The present invention relates to a condenser for use in automobile and building air conditioning systems.
For such use, a "serpentine" type of condenser is well known and widely used. This type of condenser is made up of a flat multi-bored tube, commonly called a "harmonica tube", bent in a few folds, and corrugated fins sandwiched between the folded walls.
One of the disadvantages of the serpentine type condensers is that the coolant undergoes a relatively large pressure loss while flowing through the flat tube. To reduce the pressure loss, the common practice is to minimize fin pitches, widen the tube width to increase the cross-sectional area of the coolant flow paths, and increase the density of fins disposed between the folded tube walls.
However, as the tube is widened, its rigidity increases, and therefore it becomes difficult to bend. In addition, there is a limitation to the bent of a tube in terms of radius of curvature. In short, the heat exchange efficiency cannot be increased only by reliance upon the increased density of fins packed between the folds of tube.
Accordingly, it is an object of the present invention is to provide a condenser capable of easy construction with the flexibility in the width of the tubes, and the height of fins.
Another object of the present invention is to provide a condenser which minimizes the pressure loss of a cooling medium and air passing through the tubes and fins, thereby enhancing the efficiency of heat exchange.
Other objects and advantages of the present invention will become more apparent from the following detailed description, when taken in conjunction with the accompanying drawings which show, for the purpose of illustration only, one embodiment in accordance with the present invention.

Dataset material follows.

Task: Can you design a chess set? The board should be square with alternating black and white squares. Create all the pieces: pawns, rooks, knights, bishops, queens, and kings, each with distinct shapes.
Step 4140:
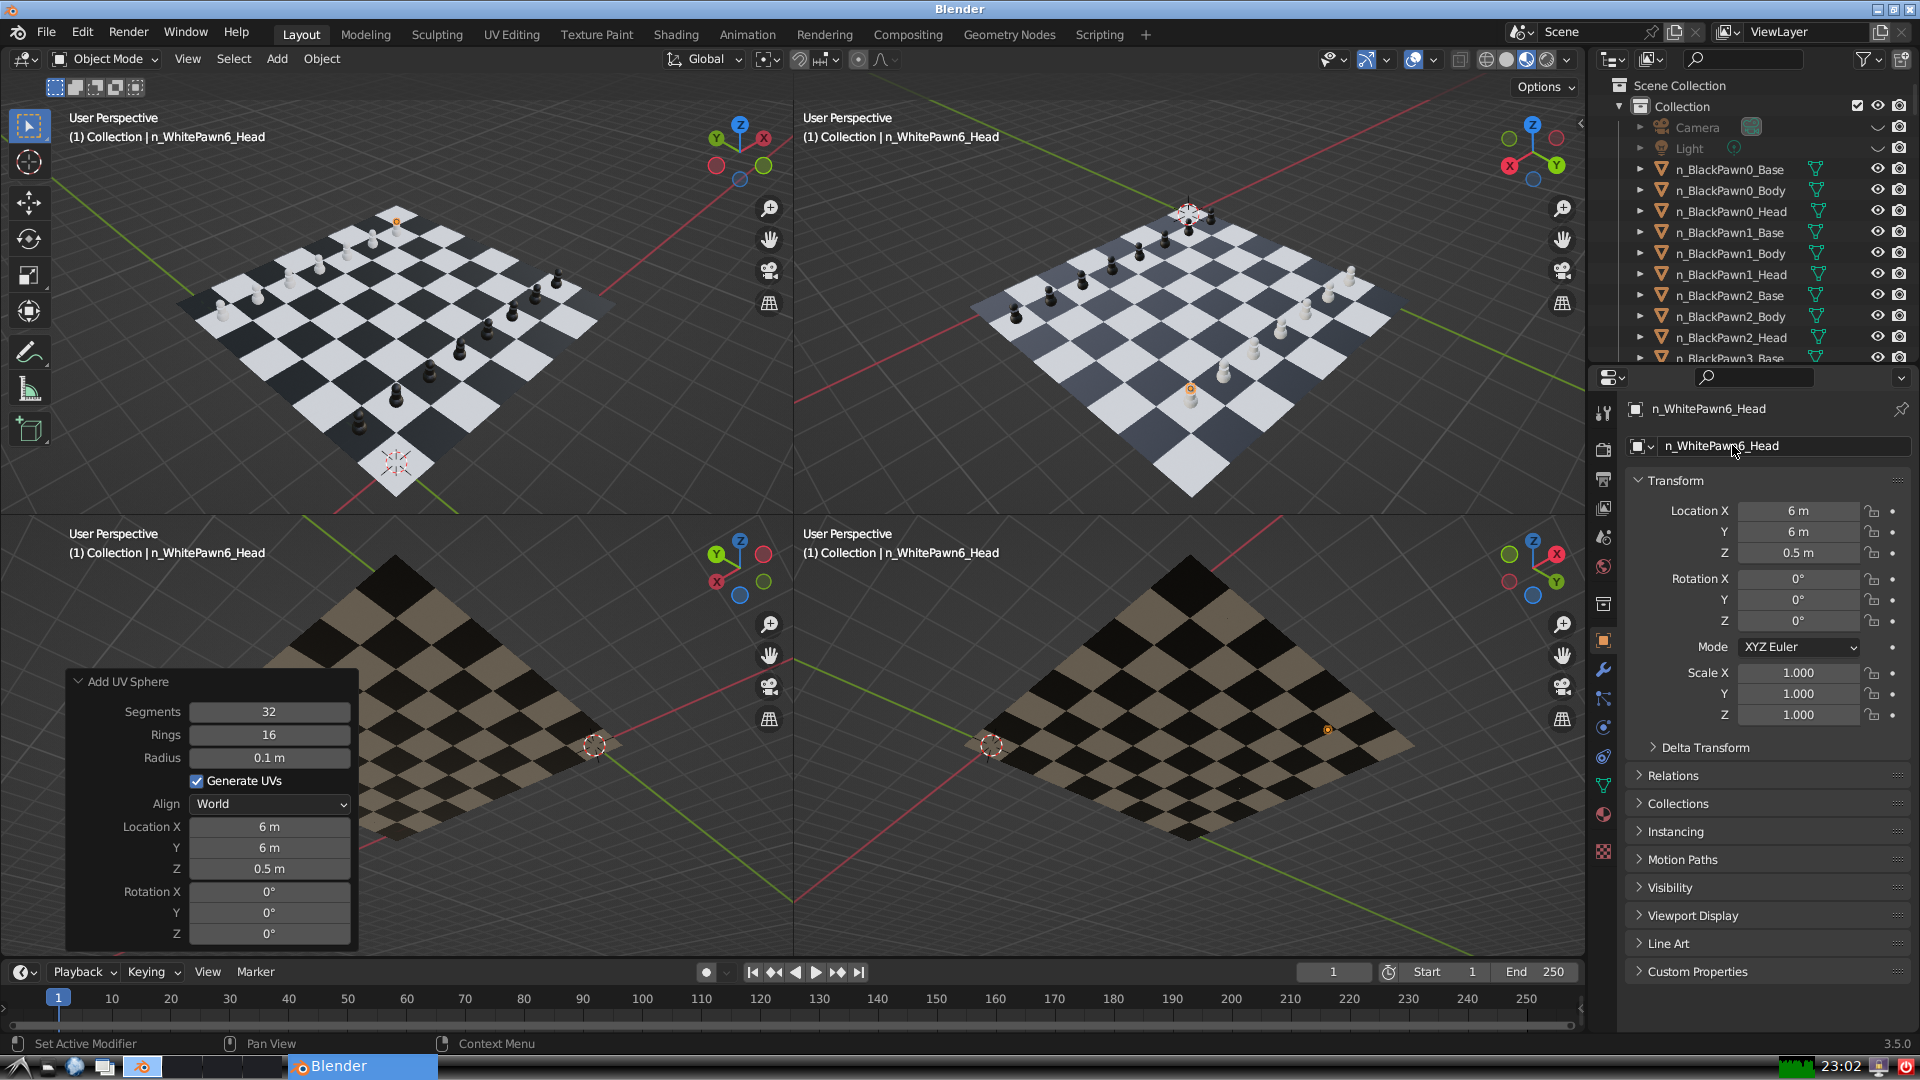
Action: {"mouse_move": [1603, 815]}

According to the present invention, there is provided a condenser comprising tubes arranged in parallel with each other, and corrugated fins sandwiched between one tube and the next, the tubes being connected to headers at each end thereof so as to form a cooling medium flow path, wherein the following dimensional relationship is established:
width of each tube: 6.0 to 20 mm
height of each tube: 1.5 to 7.0 mm
height of each cooling
medium flow path: 1.0 mm or more
height of each fin: 6.0 to 16 mm
fin pitch: 1.6 to 4.0 mm
According to another aspect of the present invention, there is provided a condenser comprising tubes arranged in parallel with each other, and corrugated fins sandwiched between one tube and the next, the tubes being connected to headers at each end thereof so as to form a cooling medium flow path, wherein the following dimensional relationship is established:
width of each tube: 6.0 to 16 mm
height of each tube: 1.5 to 5.0 mm
height of each cooling
medium flow path: 1.0 mm or more
height of each fin: 8.0 to 16 mm
fin pitch: 1.6 to 3.2 mm
According to a further aspect of the present invention, there is provided a condenser comprising tubes arranged in parallel with each other, and corrugated fins sandwiched between one tube and the next, the tubes being connected to headers at each end thereof so as to form a cooling medium flow path, wherein the following dimensional relationship is established:
width of each tube: 10 to 14 mm
height of each tube: 2.5 to 4.0 mm
height of each cooling
medium flow path: 1.5 to 2.0 mm
height of each fin: 8.0 to 12 mm
fin pitch: 2.0 to 3.2 mm
FIG. 1 is a plan view of a condenser according to the present invention;
FIG. 2 is a plan view of the condenser;
FIG. 3 is a cross-sectional view on an enlarged scale taken along the line 3--3 of FIG. 1;
FIG. 4 is an exploded perspective view of the condenser of FIG. 1;
FIG. 5 is a fragmentary cross-sectional view on an enlarged scale corresponding to FIG. 3;
FIG. 6 is a diagrammatic front view showing a relationship between the corrugated fins and the flat tubes;
FIG. 7 is a graph showing a relationship between the widths of the flat tubes and the rates of heat transfer;
FIG. 8 is a graph showing a relationship between the heights of the flat tubes and the pneumatic pressure loss;
FIG. 9 is a graph showing a relationship among the heights of the fins, the rates of heat exchange and the pneumatic pressure loss; and
FIG. 10 is a graph showing a relationship among the fin pitches, the rates of heat exchange and the rates of heat transfer.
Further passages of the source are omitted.